In case you didn't know, Nam Le is currently the new "it" author in the lit world. Two years after his first story debuted in A Public Space, he continued getting published everywhere from One-Story to Zoetrope. Last month marked the publication of his first story collection, The Boat, and the reviews have been pretty damn positive. A lot's been made about the amount of research in the story, the fact that the stories are so strong you'd thinking someone over the age of 29 wrote them. On the other hand, there's been a lot of criticism that the stories are sort of, well, lacking substance and a certain "oomph".

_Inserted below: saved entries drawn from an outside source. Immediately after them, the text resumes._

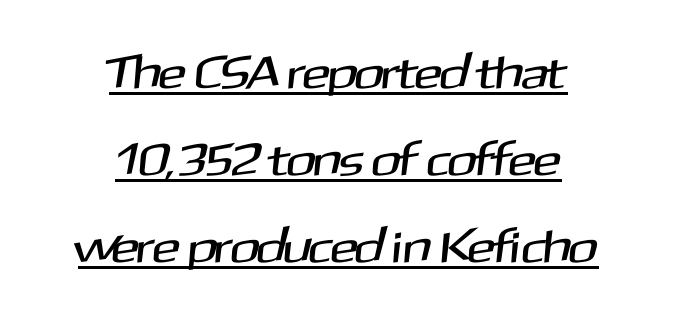
Q: Is the typeface a serif or a sans-serif typeface? A: Sans-serif.
Q: Is the text underlined? A: Yes.
Q: How is the paragraph aligned? A: Centered.
Q: Is the spacing between letters normal or unusually wide? A: Normal.
Q: Width (condensed, normal, or wide)? A: Normal.
Q: Stroke contrast? A: Medium.
Q: x-height? A: Medium.
Q: Monospaced? A: No.
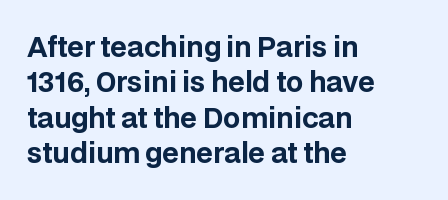
{"italic": "no", "bold": "yes", "underline": "no", "align": "left", "line_spacing": "normal", "line_spacing_ratio": 1.31, "letter_spacing": "normal", "letter_spacing_em": 0.0, "glyph_px": 27}

Reading the book, I'd say my opinion is somewhere in the middle. Le's research skills make these stories enthralling. The reason most people seem to think Le is older than he actually is is the fact that most young writers don't bother with copious amount of research. If you're under 40, odds are that you're still writing away your angst with thinly-veiled autobiographies (hey, that's me!) or missing the mark entirely with a poorly-researched story that you think is kind of neat despite its awfulness. We can all learn something from Le, or at least attempt the sort of rigorous seriousness with which he approaches writing a story.
That being said, Nam still has a few kinks to work out when it comes to making us care about his characters or the outcome of his story. Sure, Colombian assassins and Iranian activists make for interesting subjects, but is there anything to take away from either of those stories? As Hari Kunzru said, there are small flourishes that feel like a breath of fresh air throughout. But the thing is, why bother writing a story about something you have no attachment to? It's something I've struggled with over the years: I want to write about what's important to me, and there always needs to be a venue or form that best supports that. If I were to write about Hiroshima, it probably wouldn't be about Hiroshima, etc. Le's biggest emotional impact comes from the already-talked-about-to-death opening story in the collection and "Halflead Bay", which perfectly captures the teenage years in which we are unsure of what we do and why we do it. There's a real connection there: you can tell Le cares about the characters in both of these stories. The others, who knows? He's probably sincere about his intentions, but only gets half of it right.
Frankly, that's OK. No one should be claiming that an author's first seven stories should be incredible, life-changing pieces of work. It's astonishing that he points to the stands like Babe Ruth with every story, and though he may not knock it out of the park each time, he at least hits the literary equivalent of a ground roll double every time. Dear Lord, did I really type that last sentence? Anyway, how many writers under thirty are capable of that? None, probably. "Pride..." and "Halflead Bay", in the end, are a sign of what's to come for Nam Le, the proof that he is going to be a future literary master, and it's necessary that we start paying attention now.
Tonight, Nam Le reads with Leslie Jamison and Keith Lee Morris at Fort Greene Park for APS. Be there or be square!